AIM OF THE TASK
Output, exactly and in full, only the lines from the one containing "Houston Cosmetic Dentist..No" to the last line of the data. Pictures should not appear.

[Records excerpted from a collection]
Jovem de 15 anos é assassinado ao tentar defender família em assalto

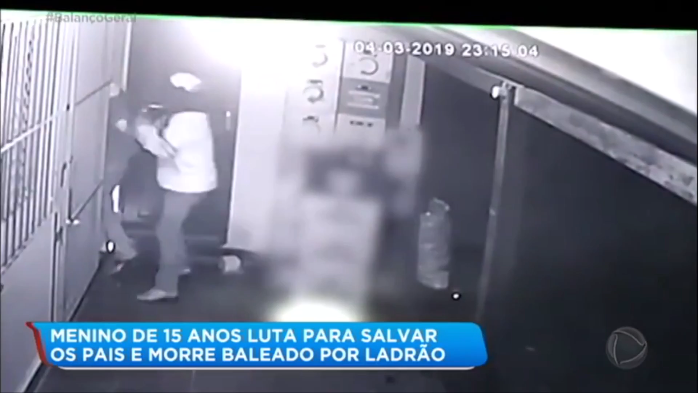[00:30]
Ele empurra uma das vítimas que pede calma. O comparsa já está lá dentro. Guilherme vai pra cima do criminoso e tenta tirar a arma do assaltante.
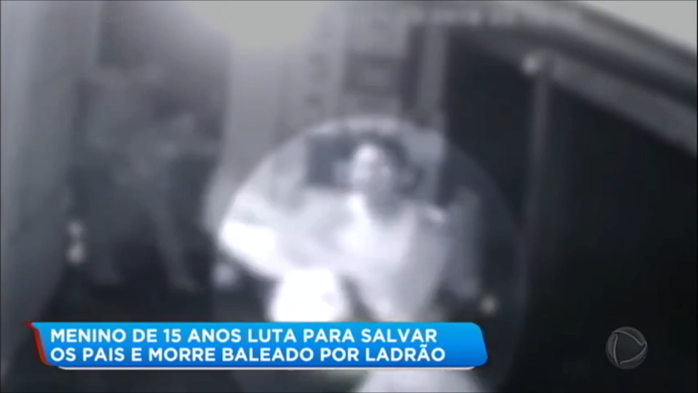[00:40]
Enquanto o pai, com um pedaço de pau, tenta render o outro bandido. Guilherme e um dos criminosos saem do alcance das câmeras. O pai consegue imobilizar o outro bandido. A mãe de Guilherme, que também está no bar, corre em direção ao filho.
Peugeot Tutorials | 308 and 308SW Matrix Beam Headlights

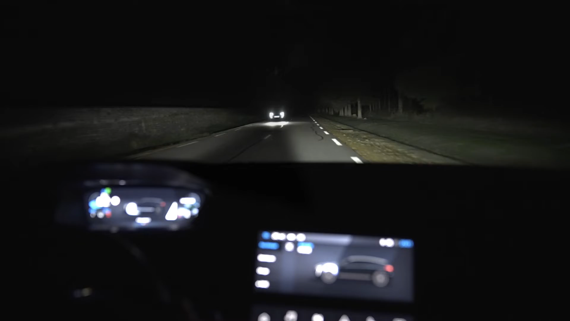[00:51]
the road curve and adapts the headlight beam accordingly.
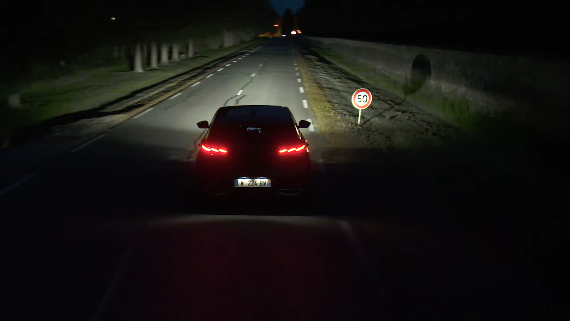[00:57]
When you approach a vehicle from behind, the segments of light pointing towards the vehicle are dimmed, creating a tunnel in order not to dazzle the vehicle's driver.
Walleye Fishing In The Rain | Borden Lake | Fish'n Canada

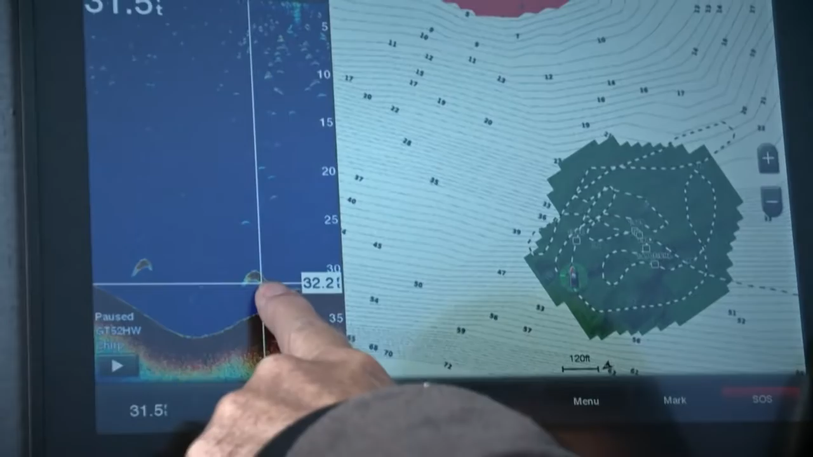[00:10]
I see this jig going up and down all of a sudden it says hey let's wake up.
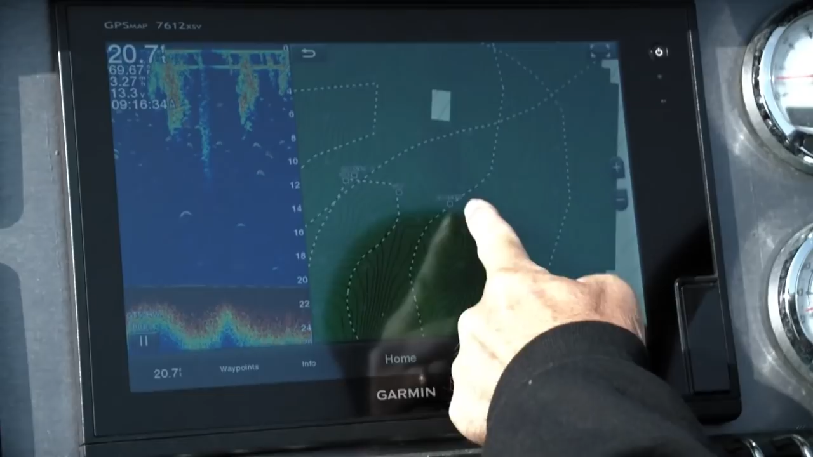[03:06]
In this series of screenshots, you'll see how I brought tons of detail into a featureless chart.
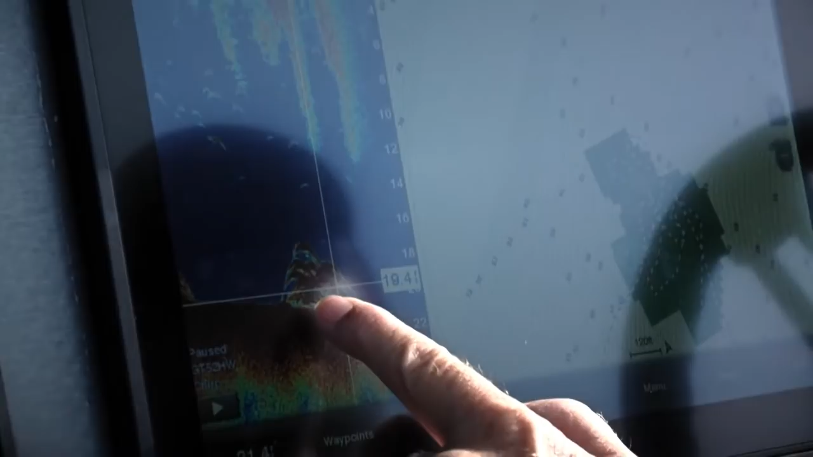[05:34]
they're glued right to the bottom where you can hardly read them. It looks like almost like a rock on there. All of a sudden they start rising up. They get to see this jig going up and down.
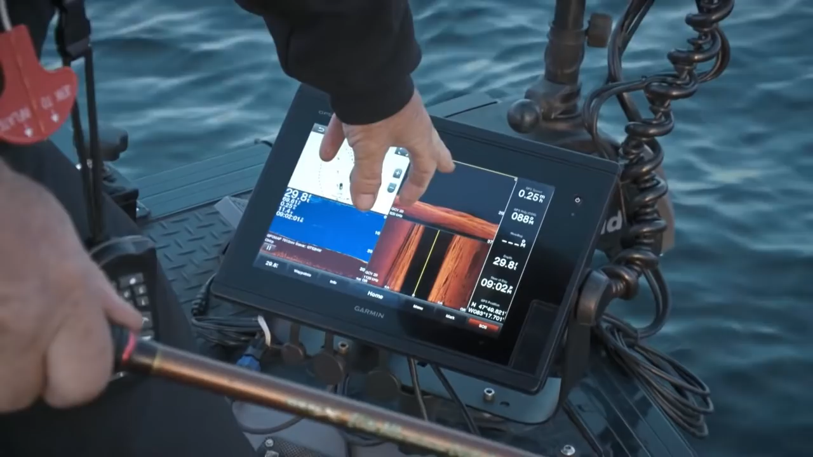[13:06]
And then when you see a hook or what looks like a fish or looks like a hook,
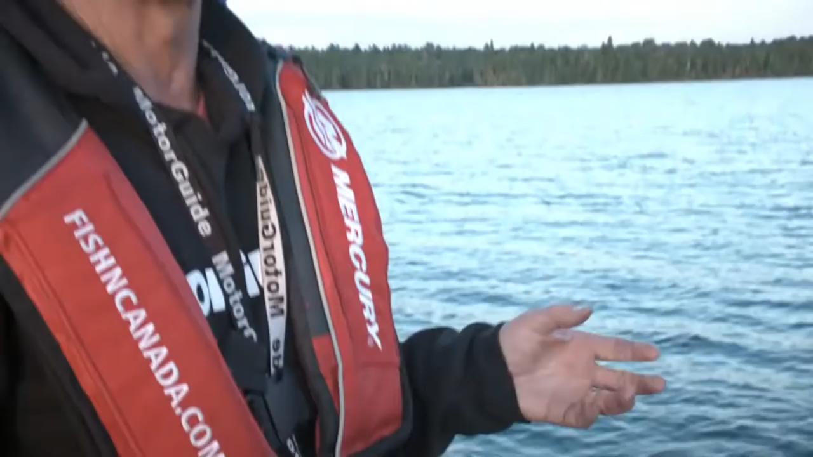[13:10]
you turn the clear view on and that tells you everything. What happens is if it's not, if it's not a fish, it's a blob. It's a rock. You can see the whole, the whole structure, even though it looks like a hook.
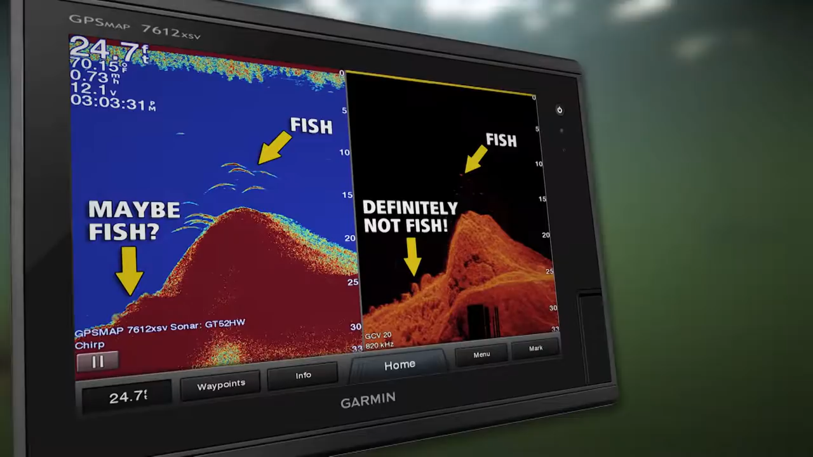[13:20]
On screen: depth 24.7 ft
When it's a fish on that clear view, it's a little dot for separation.
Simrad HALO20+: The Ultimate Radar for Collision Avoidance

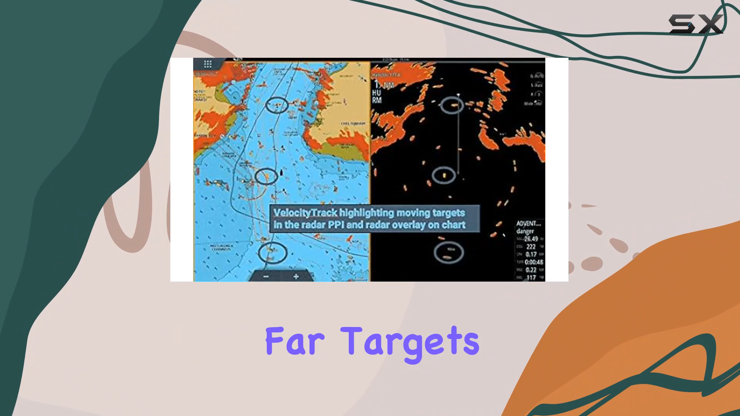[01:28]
With simultaneous dual-range operation, you can see both near and far targets simultaneously, providing you with comprehensive coverage of your surroundings.
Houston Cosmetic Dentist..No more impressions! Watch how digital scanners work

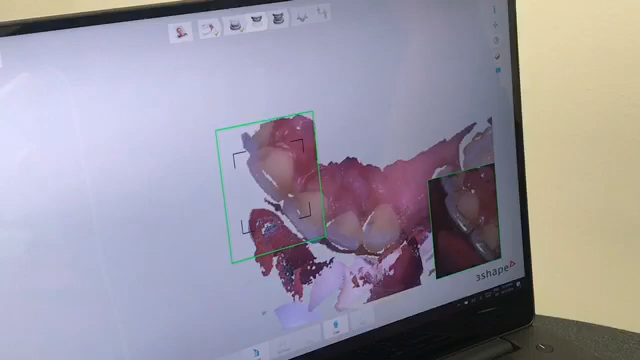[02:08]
every single detail of that tooth on the computer screen.

RESULT OF THE EXERCISE
Houston Cosmetic Dentist..No more impressions! Watch how digital scanners work

[02:08]
every single detail of that tooth on the computer screen.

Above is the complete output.